Transmittance and System Sizing
One of the key design parameters for UV system sizing, is the ultraviolet transmittance (UVT) of the liquid. This measures the ability of UV light to pass through the liquid. The UVT is determined relative to that of distilled water, which has a UVT value of 100%. The UVT is measured in a 1cm quartz cell at a wavelength of 254 nm.
A high UVT allows the UV light to easily penetrate the liquid. A low UVT will require additional power or UV lamps to achieve the same UV dose performance.
UV System Validation
Validation is a method of testing UV equipment to determine how effective and efficient the equipment is in inactivating various organisms at a range of flows and different water qualities. For a system to be validated, it must undergo independent, 3rd party bioassay testing using a recognised test standard. The testing uses live surrogate microorganisms to determine ‘real world’ reactor performance. A validated RED dose takes into account UV chamber design, hydraulic flow efficiencies, lamp positioning and intensity zones to ensure the performance of a UV system. Safety factors such as lamp ageing and quartz fouling factors are taken into account in the UV dose equation. Validation testing for atg UV Technology UV systems is carried out in accordance with the United States Environmental Protection Agencies (US EPA) UVDGM 2006. The EPA method is one of the most modern and rigorous testing regimes in the world.

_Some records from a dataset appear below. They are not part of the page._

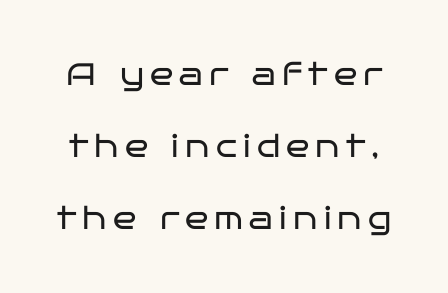
{"serif": "no", "italic": "no", "bold": "no", "weight": "regular", "width": "wide", "stroke_contrast": "low", "x_height": "large", "monospaced": "no", "underline": "no", "line_spacing": "loose", "line_spacing_ratio": 2.33, "letter_spacing": "wide", "letter_spacing_em": 0.2, "glyph_px": 31}
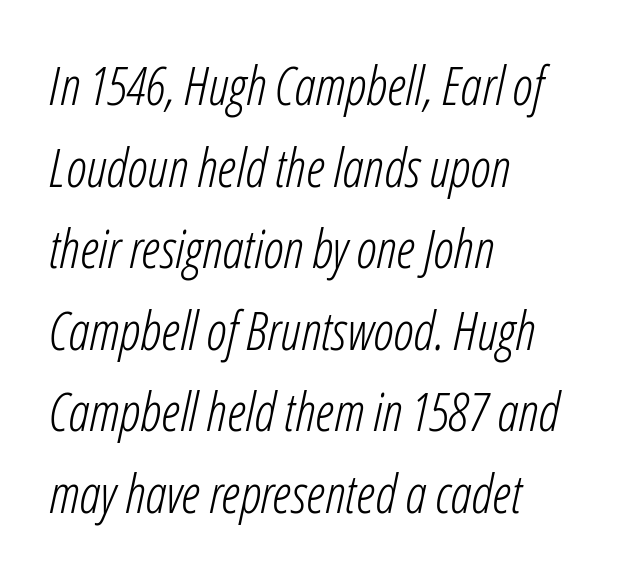
{"italic": "yes", "lean": "right", "slant_degrees": 12, "bold": "no", "weight": "light", "width": "condensed", "stroke_contrast": "low", "x_height": "medium", "monospaced": "no", "underline": "no", "align": "left", "line_spacing": "normal", "line_spacing_ratio": 1.54, "letter_spacing": "normal", "letter_spacing_em": 0.0, "glyph_px": 53}
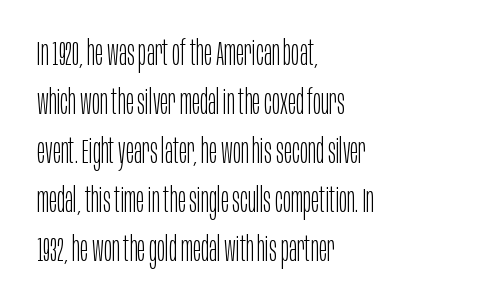
Q: Is the text bold? A: No.
Q: Is the text italic (slanted)? A: No, it is upright.
Q: Is the typeface a serif or a sans-serif typeface? A: Sans-serif.
Q: Is the text underlined? A: No.
Q: How is the paragraph aligned? A: Left-aligned.
Q: Is the spacing between letters normal or unusually wide? A: Normal.
Q: Is the spacing between lines tight, normal or loose? A: Normal.
Q: Width (condensed, normal, or wide)? A: Condensed.
Q: Stroke contrast? A: Low.
Q: x-height? A: Large.
Q: Monospaced? A: No.
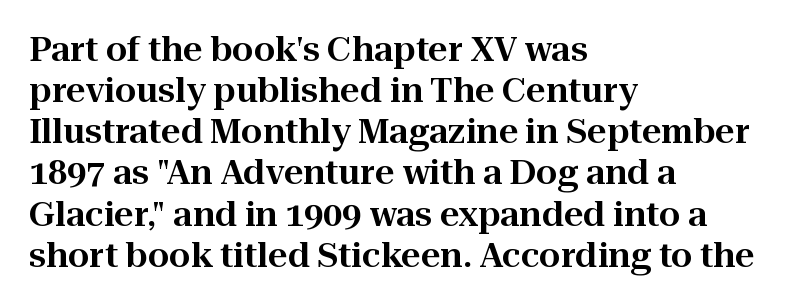
Which margin do the lines hug? The left one — the right edge is uneven. A typesetter would call this proportional, since set widths differ per character. Tracking value appears to be zero — textbook default spacing. The glyphs in this specimen are seriffed.
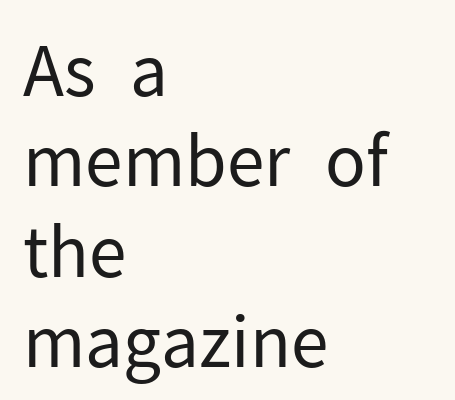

HOW UV-C LIGHT IS USED IN THE TREATMENT OF WATER AND OTHER LIQUIDS
UV light is a chemical-free and non-intrusive method of inactivating micro-organisms. For industrial product and process water, as well as other liquids, these micro-organisms can be harmful to humans and cause spoilage and a reduction in product shelf life. For municipal drinking water, harmful organisms can also be disinfected.
For practical applications UV-C light is produced by commercially manufactured UV lamps. One or more of these lamps are installed in a UV chamber, which is installed in the fluid distribution network. As a liquid or water is passed through the UV chamber, it is exposed to the UV-C light generated by the UV lamps.
UV disinfection has many beneficial properties and advantages. UV does not affect the taste, pH or colour of the fluid being disinfected. It is often used where conventional chlorine disinfection cannot be applied.
Correctly specified UV systems can also be used to de-chlorinate or de-ozonate process water and to assist in the removal of TOC from ultra-pure water.